== RECORDS SHOWN
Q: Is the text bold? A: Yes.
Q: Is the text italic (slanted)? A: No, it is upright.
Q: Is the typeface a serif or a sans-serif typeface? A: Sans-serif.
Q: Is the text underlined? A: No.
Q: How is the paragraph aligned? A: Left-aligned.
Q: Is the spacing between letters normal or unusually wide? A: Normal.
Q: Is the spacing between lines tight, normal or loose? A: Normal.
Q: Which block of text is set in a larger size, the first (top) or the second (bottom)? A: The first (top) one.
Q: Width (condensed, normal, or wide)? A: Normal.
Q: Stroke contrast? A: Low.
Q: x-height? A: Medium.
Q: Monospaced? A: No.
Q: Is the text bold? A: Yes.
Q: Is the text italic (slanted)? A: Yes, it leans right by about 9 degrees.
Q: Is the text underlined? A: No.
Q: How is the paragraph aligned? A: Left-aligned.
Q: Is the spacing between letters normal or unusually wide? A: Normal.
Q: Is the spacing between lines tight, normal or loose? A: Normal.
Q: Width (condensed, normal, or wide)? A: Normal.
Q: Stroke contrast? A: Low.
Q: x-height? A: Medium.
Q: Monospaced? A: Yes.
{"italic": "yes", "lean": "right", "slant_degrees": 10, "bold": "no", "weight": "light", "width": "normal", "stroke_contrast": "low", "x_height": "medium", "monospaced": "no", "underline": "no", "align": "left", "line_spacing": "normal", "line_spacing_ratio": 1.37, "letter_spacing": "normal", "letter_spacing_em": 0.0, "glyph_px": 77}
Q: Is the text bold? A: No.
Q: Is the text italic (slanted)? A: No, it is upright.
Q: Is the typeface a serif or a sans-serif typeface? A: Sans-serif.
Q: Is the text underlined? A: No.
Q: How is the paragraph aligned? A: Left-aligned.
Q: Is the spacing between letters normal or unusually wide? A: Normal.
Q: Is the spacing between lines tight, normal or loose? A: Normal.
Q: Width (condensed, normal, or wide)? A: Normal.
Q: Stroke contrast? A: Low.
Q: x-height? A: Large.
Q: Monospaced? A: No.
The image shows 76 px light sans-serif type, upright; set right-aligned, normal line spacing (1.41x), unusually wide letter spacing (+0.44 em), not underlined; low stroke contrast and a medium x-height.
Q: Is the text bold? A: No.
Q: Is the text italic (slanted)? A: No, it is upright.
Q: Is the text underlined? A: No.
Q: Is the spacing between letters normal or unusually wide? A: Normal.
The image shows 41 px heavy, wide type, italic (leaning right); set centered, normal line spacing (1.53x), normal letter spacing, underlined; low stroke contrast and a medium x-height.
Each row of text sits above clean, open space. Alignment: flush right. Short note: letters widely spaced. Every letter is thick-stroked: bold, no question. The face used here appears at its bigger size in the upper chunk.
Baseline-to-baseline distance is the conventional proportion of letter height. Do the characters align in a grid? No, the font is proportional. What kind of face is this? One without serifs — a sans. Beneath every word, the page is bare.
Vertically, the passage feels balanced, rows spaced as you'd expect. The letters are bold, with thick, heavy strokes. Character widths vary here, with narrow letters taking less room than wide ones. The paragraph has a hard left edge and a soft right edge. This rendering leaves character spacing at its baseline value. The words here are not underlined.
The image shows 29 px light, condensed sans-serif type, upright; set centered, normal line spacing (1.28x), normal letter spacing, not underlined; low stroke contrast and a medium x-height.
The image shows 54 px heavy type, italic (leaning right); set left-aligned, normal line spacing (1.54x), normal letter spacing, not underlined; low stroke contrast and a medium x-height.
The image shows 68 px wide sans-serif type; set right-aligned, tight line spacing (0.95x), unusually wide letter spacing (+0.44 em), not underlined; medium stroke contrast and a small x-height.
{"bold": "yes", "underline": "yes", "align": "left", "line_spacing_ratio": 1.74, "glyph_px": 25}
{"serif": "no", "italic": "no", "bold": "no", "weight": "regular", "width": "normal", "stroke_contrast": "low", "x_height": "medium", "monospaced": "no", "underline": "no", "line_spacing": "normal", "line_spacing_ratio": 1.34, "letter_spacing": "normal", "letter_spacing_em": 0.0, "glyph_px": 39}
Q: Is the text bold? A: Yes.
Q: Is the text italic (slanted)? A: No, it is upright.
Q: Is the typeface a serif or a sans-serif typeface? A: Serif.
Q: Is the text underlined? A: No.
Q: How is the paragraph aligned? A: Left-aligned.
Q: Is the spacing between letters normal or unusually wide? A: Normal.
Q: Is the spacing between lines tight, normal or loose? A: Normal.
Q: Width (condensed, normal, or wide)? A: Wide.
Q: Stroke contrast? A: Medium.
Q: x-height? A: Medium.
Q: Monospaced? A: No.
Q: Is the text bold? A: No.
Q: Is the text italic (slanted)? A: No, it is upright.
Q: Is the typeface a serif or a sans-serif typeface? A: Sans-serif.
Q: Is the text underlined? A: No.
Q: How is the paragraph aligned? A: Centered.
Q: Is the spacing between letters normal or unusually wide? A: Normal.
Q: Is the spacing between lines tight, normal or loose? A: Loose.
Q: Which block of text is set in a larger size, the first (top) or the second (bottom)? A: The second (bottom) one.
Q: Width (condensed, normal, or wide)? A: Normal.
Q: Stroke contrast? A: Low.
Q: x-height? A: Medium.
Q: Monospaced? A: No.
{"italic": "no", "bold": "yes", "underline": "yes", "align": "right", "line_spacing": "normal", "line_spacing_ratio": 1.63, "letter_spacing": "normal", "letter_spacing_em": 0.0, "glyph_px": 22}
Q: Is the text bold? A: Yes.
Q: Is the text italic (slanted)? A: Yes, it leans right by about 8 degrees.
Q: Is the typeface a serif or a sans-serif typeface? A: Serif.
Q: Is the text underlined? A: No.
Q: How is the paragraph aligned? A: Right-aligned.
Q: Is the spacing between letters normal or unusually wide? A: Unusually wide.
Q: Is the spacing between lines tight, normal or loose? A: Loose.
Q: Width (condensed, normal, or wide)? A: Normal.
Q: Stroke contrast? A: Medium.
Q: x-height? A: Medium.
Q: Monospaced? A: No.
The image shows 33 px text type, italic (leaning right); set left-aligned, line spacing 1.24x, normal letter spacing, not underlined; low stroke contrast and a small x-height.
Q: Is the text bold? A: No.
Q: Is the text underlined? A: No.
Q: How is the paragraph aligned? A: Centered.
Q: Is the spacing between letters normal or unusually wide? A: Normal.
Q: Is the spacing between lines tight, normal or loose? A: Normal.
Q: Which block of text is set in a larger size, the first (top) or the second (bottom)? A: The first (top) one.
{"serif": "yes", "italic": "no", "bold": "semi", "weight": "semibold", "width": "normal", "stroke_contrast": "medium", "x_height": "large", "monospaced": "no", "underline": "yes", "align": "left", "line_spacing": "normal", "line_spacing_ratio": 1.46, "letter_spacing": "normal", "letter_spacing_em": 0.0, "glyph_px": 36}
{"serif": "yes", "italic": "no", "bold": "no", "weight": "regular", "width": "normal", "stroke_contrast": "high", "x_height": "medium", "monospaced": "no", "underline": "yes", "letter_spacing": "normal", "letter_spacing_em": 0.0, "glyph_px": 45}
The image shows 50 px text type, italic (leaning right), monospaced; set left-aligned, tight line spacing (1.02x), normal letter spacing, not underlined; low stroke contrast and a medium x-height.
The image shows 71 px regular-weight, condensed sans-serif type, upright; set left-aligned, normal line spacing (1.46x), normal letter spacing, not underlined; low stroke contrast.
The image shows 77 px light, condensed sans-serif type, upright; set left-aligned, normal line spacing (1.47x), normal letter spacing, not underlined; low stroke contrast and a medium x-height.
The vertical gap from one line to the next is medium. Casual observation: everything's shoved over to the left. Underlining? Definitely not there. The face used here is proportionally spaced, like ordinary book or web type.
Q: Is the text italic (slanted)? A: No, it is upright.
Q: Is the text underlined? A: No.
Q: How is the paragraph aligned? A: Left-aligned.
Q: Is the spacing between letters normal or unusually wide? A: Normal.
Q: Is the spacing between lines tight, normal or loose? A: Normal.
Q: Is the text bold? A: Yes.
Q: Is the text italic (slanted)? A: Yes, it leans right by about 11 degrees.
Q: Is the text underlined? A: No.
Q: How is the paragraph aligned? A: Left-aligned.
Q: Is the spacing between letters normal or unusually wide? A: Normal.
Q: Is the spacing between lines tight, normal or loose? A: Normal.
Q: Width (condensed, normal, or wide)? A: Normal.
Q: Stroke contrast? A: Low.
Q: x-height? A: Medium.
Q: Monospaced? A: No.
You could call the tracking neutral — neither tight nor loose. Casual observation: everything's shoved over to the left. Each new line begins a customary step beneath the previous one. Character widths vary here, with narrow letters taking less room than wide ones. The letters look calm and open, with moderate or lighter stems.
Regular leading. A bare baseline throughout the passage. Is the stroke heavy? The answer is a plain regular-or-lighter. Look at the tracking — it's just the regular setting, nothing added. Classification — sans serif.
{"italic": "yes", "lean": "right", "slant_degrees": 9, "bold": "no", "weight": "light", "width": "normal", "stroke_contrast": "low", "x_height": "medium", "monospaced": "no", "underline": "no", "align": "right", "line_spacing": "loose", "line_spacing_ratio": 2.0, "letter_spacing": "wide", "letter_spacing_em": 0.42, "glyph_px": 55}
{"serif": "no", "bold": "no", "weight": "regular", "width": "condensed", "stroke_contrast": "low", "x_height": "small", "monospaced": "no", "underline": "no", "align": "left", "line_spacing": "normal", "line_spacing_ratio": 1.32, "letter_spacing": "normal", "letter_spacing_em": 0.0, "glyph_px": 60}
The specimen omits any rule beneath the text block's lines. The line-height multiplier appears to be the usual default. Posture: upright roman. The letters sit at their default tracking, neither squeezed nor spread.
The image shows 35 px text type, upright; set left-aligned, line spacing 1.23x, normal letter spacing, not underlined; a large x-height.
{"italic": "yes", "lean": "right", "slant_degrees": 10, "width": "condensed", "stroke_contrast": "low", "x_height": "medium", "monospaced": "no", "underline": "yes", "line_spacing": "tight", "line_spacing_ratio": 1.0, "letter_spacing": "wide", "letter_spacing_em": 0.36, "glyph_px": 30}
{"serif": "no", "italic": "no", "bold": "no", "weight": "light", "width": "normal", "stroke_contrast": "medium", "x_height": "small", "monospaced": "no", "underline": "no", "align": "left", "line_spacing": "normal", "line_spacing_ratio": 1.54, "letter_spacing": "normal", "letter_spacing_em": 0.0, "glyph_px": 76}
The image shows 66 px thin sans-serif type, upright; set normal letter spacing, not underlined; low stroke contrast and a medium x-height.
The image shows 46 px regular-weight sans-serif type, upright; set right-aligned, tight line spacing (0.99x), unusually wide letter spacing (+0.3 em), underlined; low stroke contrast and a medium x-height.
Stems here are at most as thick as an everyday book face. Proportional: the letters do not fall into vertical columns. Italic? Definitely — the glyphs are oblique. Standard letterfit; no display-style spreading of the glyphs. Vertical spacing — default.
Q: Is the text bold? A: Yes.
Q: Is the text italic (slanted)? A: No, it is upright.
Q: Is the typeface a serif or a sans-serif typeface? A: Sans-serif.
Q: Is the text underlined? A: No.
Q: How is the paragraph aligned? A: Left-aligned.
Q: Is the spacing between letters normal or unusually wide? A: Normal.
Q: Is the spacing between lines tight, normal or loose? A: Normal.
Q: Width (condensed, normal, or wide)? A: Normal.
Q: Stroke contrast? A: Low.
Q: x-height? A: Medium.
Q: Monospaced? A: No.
====
## WORK INSTRUCTIONS:
In the data above, each line holding "everything" is to be found and copied.

## EXPECTED ANSWER:
The vertical gap from one line to the next is medium. Casual observation: everything's shoved over to the left. Underlining? Definitely not there. The face used here is proportionally spaced, like ordinary book or web type.
You could call the tracking neutral — neither tight nor loose. Casual observation: everything's shoved over to the left. Each new line begins a customary step beneath the previous one. Character widths vary here, with narrow letters taking less room than wide ones. The letters look calm and open, with moderate or lighter stems.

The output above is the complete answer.